### What is needed
Would you transcribe all of the entries that follow, word for word?

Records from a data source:
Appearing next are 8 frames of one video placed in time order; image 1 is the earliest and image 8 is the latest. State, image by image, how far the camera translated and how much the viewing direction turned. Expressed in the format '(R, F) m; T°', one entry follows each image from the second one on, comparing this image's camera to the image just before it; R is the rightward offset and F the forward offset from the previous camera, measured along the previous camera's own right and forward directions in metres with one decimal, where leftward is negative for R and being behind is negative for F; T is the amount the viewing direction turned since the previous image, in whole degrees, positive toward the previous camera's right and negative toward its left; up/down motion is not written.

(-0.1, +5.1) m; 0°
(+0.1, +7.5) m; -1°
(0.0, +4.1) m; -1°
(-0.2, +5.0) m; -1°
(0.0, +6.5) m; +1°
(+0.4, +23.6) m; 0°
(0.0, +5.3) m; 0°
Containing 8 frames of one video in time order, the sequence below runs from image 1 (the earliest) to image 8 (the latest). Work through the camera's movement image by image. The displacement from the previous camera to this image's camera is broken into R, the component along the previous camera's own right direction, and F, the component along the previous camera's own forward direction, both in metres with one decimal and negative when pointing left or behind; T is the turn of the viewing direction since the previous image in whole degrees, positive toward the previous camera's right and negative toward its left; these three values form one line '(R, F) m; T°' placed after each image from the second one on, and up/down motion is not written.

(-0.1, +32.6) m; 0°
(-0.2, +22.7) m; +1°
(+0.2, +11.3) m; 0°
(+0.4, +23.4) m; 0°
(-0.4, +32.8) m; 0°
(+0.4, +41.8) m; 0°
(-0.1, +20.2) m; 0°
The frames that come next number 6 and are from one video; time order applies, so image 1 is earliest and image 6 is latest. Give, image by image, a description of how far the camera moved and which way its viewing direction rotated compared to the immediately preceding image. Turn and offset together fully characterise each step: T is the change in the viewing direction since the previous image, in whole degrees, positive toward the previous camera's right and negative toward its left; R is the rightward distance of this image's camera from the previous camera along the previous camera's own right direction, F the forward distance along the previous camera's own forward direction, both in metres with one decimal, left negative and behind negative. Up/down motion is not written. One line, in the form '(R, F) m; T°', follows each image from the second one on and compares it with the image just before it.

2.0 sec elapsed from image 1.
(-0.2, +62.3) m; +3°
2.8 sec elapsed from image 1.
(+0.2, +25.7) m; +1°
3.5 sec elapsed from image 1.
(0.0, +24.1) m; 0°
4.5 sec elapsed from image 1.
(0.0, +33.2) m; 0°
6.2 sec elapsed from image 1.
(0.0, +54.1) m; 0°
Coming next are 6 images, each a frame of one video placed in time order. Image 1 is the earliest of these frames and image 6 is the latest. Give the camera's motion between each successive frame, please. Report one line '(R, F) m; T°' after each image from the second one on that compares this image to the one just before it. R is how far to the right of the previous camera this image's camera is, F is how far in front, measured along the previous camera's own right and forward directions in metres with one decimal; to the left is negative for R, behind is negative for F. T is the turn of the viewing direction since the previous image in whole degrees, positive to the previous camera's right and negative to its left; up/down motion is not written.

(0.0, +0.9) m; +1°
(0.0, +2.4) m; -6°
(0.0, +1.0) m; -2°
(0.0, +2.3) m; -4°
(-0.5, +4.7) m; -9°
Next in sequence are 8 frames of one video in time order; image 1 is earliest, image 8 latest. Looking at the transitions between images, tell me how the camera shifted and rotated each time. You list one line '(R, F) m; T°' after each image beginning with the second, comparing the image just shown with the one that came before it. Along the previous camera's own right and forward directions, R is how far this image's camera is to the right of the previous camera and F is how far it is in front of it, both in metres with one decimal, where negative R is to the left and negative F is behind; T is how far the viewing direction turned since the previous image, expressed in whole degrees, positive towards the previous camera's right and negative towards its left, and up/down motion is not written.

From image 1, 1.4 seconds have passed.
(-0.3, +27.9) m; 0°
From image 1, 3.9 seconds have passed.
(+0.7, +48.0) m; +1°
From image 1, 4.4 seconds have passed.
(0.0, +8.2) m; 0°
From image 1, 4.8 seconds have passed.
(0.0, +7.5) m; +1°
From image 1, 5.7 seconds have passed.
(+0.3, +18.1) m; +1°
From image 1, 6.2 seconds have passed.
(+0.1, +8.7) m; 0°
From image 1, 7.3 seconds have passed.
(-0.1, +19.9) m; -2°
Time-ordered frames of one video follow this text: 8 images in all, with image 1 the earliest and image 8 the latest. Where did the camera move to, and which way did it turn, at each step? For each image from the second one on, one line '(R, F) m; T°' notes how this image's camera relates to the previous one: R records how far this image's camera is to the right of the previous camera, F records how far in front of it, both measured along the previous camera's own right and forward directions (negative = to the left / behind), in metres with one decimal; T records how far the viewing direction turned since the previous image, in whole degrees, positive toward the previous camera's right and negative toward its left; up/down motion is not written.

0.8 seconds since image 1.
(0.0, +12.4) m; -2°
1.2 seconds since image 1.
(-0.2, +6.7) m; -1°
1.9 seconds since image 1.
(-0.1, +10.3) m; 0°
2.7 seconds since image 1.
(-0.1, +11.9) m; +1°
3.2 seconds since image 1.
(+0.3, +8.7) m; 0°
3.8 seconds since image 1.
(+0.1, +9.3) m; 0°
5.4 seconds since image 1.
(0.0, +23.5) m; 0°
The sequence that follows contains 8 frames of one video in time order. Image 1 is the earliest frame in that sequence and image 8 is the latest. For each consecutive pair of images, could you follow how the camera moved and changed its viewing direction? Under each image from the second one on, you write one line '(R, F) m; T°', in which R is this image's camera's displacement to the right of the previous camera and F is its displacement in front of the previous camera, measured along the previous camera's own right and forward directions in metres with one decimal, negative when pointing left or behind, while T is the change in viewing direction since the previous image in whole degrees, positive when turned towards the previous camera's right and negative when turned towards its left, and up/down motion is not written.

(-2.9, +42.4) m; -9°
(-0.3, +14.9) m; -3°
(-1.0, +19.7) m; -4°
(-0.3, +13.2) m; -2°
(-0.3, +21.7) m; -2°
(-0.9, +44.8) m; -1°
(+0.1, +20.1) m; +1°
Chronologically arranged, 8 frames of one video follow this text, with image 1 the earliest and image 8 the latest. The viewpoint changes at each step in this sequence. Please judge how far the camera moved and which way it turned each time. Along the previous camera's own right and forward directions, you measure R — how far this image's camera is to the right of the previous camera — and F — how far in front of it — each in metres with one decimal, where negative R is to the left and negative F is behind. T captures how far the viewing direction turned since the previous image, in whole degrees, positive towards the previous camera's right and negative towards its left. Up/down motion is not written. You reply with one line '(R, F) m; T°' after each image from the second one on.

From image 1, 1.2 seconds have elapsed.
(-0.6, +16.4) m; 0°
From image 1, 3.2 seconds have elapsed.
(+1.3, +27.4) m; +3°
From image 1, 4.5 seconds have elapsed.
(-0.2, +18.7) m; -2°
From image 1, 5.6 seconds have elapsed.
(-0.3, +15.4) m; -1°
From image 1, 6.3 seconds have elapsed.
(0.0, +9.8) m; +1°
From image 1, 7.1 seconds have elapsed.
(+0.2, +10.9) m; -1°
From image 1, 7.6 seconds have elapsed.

### The completed task
Appearing next are 8 frames of one video placed in time order; image 1 is the earliest and image 8 is the latest. State, image by image, how far the camera translated and how much the viewing direction turned. Expressed in the format '(R, F) m; T°', one entry follows each image from the second one on, comparing this image's camera to the image just before it; R is the rightward offset and F the forward offset from the previous camera, measured along the previous camera's own right and forward directions in metres with one decimal, where leftward is negative for R and being behind is negative for F; T is the amount the viewing direction turned since the previous image, in whole degrees, positive toward the previous camera's right and negative toward its left; up/down motion is not written.

(-0.1, +5.1) m; 0°
(+0.1, +7.5) m; -1°
(0.0, +4.1) m; -1°
(-0.2, +5.0) m; -1°
(0.0, +6.5) m; +1°
(+0.4, +23.6) m; 0°
(0.0, +5.3) m; 0°
Containing 8 frames of one video in time order, the sequence below runs from image 1 (the earliest) to image 8 (the latest). Work through the camera's movement image by image. The displacement from the previous camera to this image's camera is broken into R, the component along the previous camera's own right direction, and F, the component along the previous camera's own forward direction, both in metres with one decimal and negative when pointing left or behind; T is the turn of the viewing direction since the previous image in whole degrees, positive toward the previous camera's right and negative toward its left; these three values form one line '(R, F) m; T°' placed after each image from the second one on, and up/down motion is not written.

(-0.1, +32.6) m; 0°
(-0.2, +22.7) m; +1°
(+0.2, +11.3) m; 0°
(+0.4, +23.4) m; 0°
(-0.4, +32.8) m; 0°
(+0.4, +41.8) m; 0°
(-0.1, +20.2) m; 0°
The frames that come next number 6 and are from one video; time order applies, so image 1 is earliest and image 6 is latest. Give, image by image, a description of how far the camera moved and which way its viewing direction rotated compared to the immediately preceding image. Turn and offset together fully characterise each step: T is the change in the viewing direction since the previous image, in whole degrees, positive toward the previous camera's right and negative toward its left; R is the rightward distance of this image's camera from the previous camera along the previous camera's own right direction, F the forward distance along the previous camera's own forward direction, both in metres with one decimal, left negative and behind negative. Up/down motion is not written. One line, in the form '(R, F) m; T°', follows each image from the second one on and compares it with the image just before it.

2.0 sec elapsed from image 1.
(-0.2, +62.3) m; +3°
2.8 sec elapsed from image 1.
(+0.2, +25.7) m; +1°
3.5 sec elapsed from image 1.
(0.0, +24.1) m; 0°
4.5 sec elapsed from image 1.
(0.0, +33.2) m; 0°
6.2 sec elapsed from image 1.
(0.0, +54.1) m; 0°
Coming next are 6 images, each a frame of one video placed in time order. Image 1 is the earliest of these frames and image 6 is the latest. Give the camera's motion between each successive frame, please. Report one line '(R, F) m; T°' after each image from the second one on that compares this image to the one just before it. R is how far to the right of the previous camera this image's camera is, F is how far in front, measured along the previous camera's own right and forward directions in metres with one decimal; to the left is negative for R, behind is negative for F. T is the turn of the viewing direction since the previous image in whole degrees, positive to the previous camera's right and negative to its left; up/down motion is not written.

(0.0, +0.9) m; +1°
(0.0, +2.4) m; -6°
(0.0, +1.0) m; -2°
(0.0, +2.3) m; -4°
(-0.5, +4.7) m; -9°
Next in sequence are 8 frames of one video in time order; image 1 is earliest, image 8 latest. Looking at the transitions between images, tell me how the camera shifted and rotated each time. You list one line '(R, F) m; T°' after each image beginning with the second, comparing the image just shown with the one that came before it. Along the previous camera's own right and forward directions, R is how far this image's camera is to the right of the previous camera and F is how far it is in front of it, both in metres with one decimal, where negative R is to the left and negative F is behind; T is how far the viewing direction turned since the previous image, expressed in whole degrees, positive towards the previous camera's right and negative towards its left, and up/down motion is not written.

From image 1, 1.4 seconds have passed.
(-0.3, +27.9) m; 0°
From image 1, 3.9 seconds have passed.
(+0.7, +48.0) m; +1°
From image 1, 4.4 seconds have passed.
(0.0, +8.2) m; 0°
From image 1, 4.8 seconds have passed.
(0.0, +7.5) m; +1°
From image 1, 5.7 seconds have passed.
(+0.3, +18.1) m; +1°
From image 1, 6.2 seconds have passed.
(+0.1, +8.7) m; 0°
From image 1, 7.3 seconds have passed.
(-0.1, +19.9) m; -2°
Time-ordered frames of one video follow this text: 8 images in all, with image 1 the earliest and image 8 the latest. Where did the camera move to, and which way did it turn, at each step? For each image from the second one on, one line '(R, F) m; T°' notes how this image's camera relates to the previous one: R records how far this image's camera is to the right of the previous camera, F records how far in front of it, both measured along the previous camera's own right and forward directions (negative = to the left / behind), in metres with one decimal; T records how far the viewing direction turned since the previous image, in whole degrees, positive toward the previous camera's right and negative toward its left; up/down motion is not written.

0.8 seconds since image 1.
(0.0, +12.4) m; -2°
1.2 seconds since image 1.
(-0.2, +6.7) m; -1°
1.9 seconds since image 1.
(-0.1, +10.3) m; 0°
2.7 seconds since image 1.
(-0.1, +11.9) m; +1°
3.2 seconds since image 1.
(+0.3, +8.7) m; 0°
3.8 seconds since image 1.
(+0.1, +9.3) m; 0°
5.4 seconds since image 1.
(0.0, +23.5) m; 0°
The sequence that follows contains 8 frames of one video in time order. Image 1 is the earliest frame in that sequence and image 8 is the latest. For each consecutive pair of images, could you follow how the camera moved and changed its viewing direction? Under each image from the second one on, you write one line '(R, F) m; T°', in which R is this image's camera's displacement to the right of the previous camera and F is its displacement in front of the previous camera, measured along the previous camera's own right and forward directions in metres with one decimal, negative when pointing left or behind, while T is the change in viewing direction since the previous image in whole degrees, positive when turned towards the previous camera's right and negative when turned towards its left, and up/down motion is not written.

(-2.9, +42.4) m; -9°
(-0.3, +14.9) m; -3°
(-1.0, +19.7) m; -4°
(-0.3, +13.2) m; -2°
(-0.3, +21.7) m; -2°
(-0.9, +44.8) m; -1°
(+0.1, +20.1) m; +1°
Chronologically arranged, 8 frames of one video follow this text, with image 1 the earliest and image 8 the latest. The viewpoint changes at each step in this sequence. Please judge how far the camera moved and which way it turned each time. Along the previous camera's own right and forward directions, you measure R — how far this image's camera is to the right of the previous camera — and F — how far in front of it — each in metres with one decimal, where negative R is to the left and negative F is behind. T captures how far the viewing direction turned since the previous image, in whole degrees, positive towards the previous camera's right and negative towards its left. Up/down motion is not written. You reply with one line '(R, F) m; T°' after each image from the second one on.

From image 1, 1.2 seconds have elapsed.
(-0.6, +16.4) m; 0°
From image 1, 3.2 seconds have elapsed.
(+1.3, +27.4) m; +3°
From image 1, 4.5 seconds have elapsed.
(-0.2, +18.7) m; -2°
From image 1, 5.6 seconds have elapsed.
(-0.3, +15.4) m; -1°
From image 1, 6.3 seconds have elapsed.
(0.0, +9.8) m; +1°
From image 1, 7.1 seconds have elapsed.
(+0.2, +10.9) m; -1°
From image 1, 7.6 seconds have elapsed.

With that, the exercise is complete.